A Morgadinha dos Canaviais - Cap. 2: II Pág. 26 / 508

Ambas tinham ceado já, pois que o faziam ao cerrar da noite.

Enquanto Henrique comia, elas, sem deixarem de o observar com a natural curiosidade de quem havia tanto tempo não tivera um hóspede, faziam-lhe perguntas sobre perguntas, às quais ele ia respondendo conforme lhe era possível.
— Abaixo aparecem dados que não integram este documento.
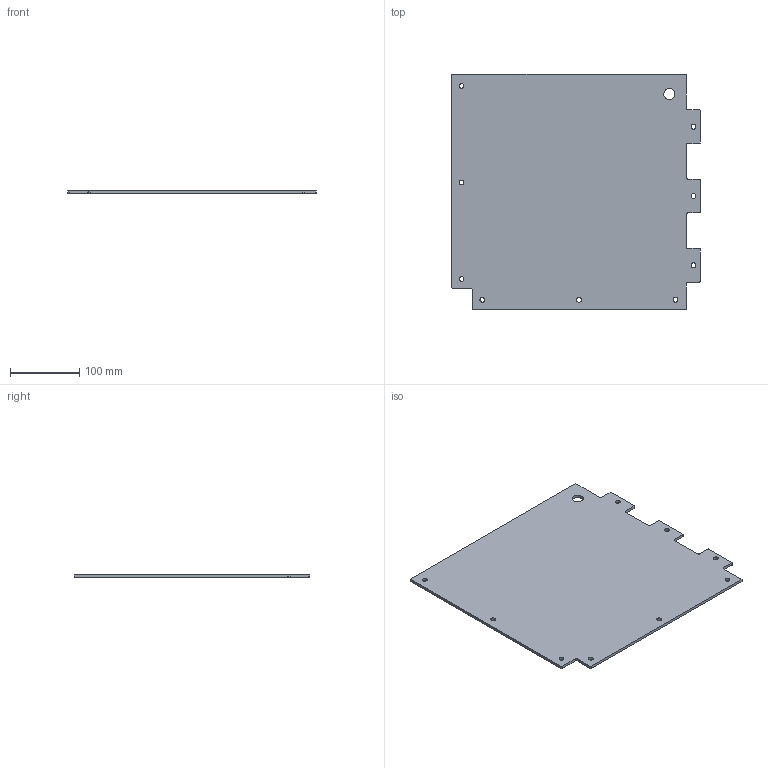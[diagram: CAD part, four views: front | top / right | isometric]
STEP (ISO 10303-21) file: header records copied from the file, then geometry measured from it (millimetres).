
FILE_DESCRIPTION(/* description */ (''),/* implementation_level */ '2;1');
FILE_NAME(/* name */ 'panel_electronics_split_500_plain_bottom_left.step',/* time_stamp */ '2022-07-04T11:46:57+01:00',/* author */ (''),/* organization */ (''),/* preprocessor_version */ 'ST-DEVELOPER v19',/* originating_system */ 'Autodesk Translation Framework v11.7.0.108',/* authorisation */ '');
FILE_SCHEMA (('AUTOMOTIVE_DESIGN { 1 0 10303 214 3 1 1 }'));
Length unit declared in the file: millimetre
Products named in the file (1): BL
Bounding box: 358.5 x 339.5 x 4 mm (x, y, z)
Volume: 465667.3 mm3; surface area: 239688.3 mm2
Topology: 1 solids, 1 shells, 45 faces, 129 edges, 86 vertices
Faces by surface type: cylinder 25, plane 20
Full cylindrical faces by diameter (mm): 7 x9, 16 x1
Entity records: 1566 total; most frequent: DIRECTION 271, CARTESIAN_POINT 261, ORIENTED_EDGE 258, EDGE_CURVE 129, AXIS2_PLACEMENT_3D 96, VERTEX_POINT 86, LINE 79, VECTOR 79

- Tu dizias-me na tua carta que estavas doente; pois olha que na cara não o parece.

- Não - concordou a criada - tem boas cores, e, vamos, a magreza ainda não é lá essas coisas.

Era este o ponto fraco de Henrique; respondeu logo ao reclamo.

- Não digam isso! Então não vêem como estou? Pois isto é lá cor de saúde? De febre, será. Gordo? Pois acham-me gordo?!

- Gordo, não digo, mas assim, assim... E, depois, como vieste de jornada... Mas afinal que moléstia é a tua, menino?

- Eu sei lá, tia Doroteia? Nem os médicos a conhecem bem. É, entre outras coisas, uma tristeza, uma melancolia, que me não deixa, que me persegue por toda a parte. Às vezes, parece-me que sinto apertar-se-me dolorosamente o coração; outras, são palpitações, ânsias... Tenho quase vontade de chorar, irrito-me, impaciento- me, não quero que me falem, nada quero ver, nada quero ouvir; não leio, não durmo, não como. Finalmente, todo eu sou doença e tristeza.

A boa tia Doroteia olhava com sisudez e atenção para o sobrinho, enquanto ele falava, e na fisionomia iam-se-lhe desenhando, ao ouvi-lo, os mais expressivos sinais de espanto e consternação.

Assim que Henrique terminou a exposição, ela disse-lhe com uma adorável candura:

- Então é assim uma espécie de mania?

À palavra «mania» Henrique sobressaltou-se. Seria a consciência que se sentiu ferida?

- Mania? Ó tia Doroteia! Mania! Veja bem, olhe que o termo é forte! Mania!

- Sim, menino! - insistiu ingenuamente a boa senhora - Pois olha que não é outra coisa.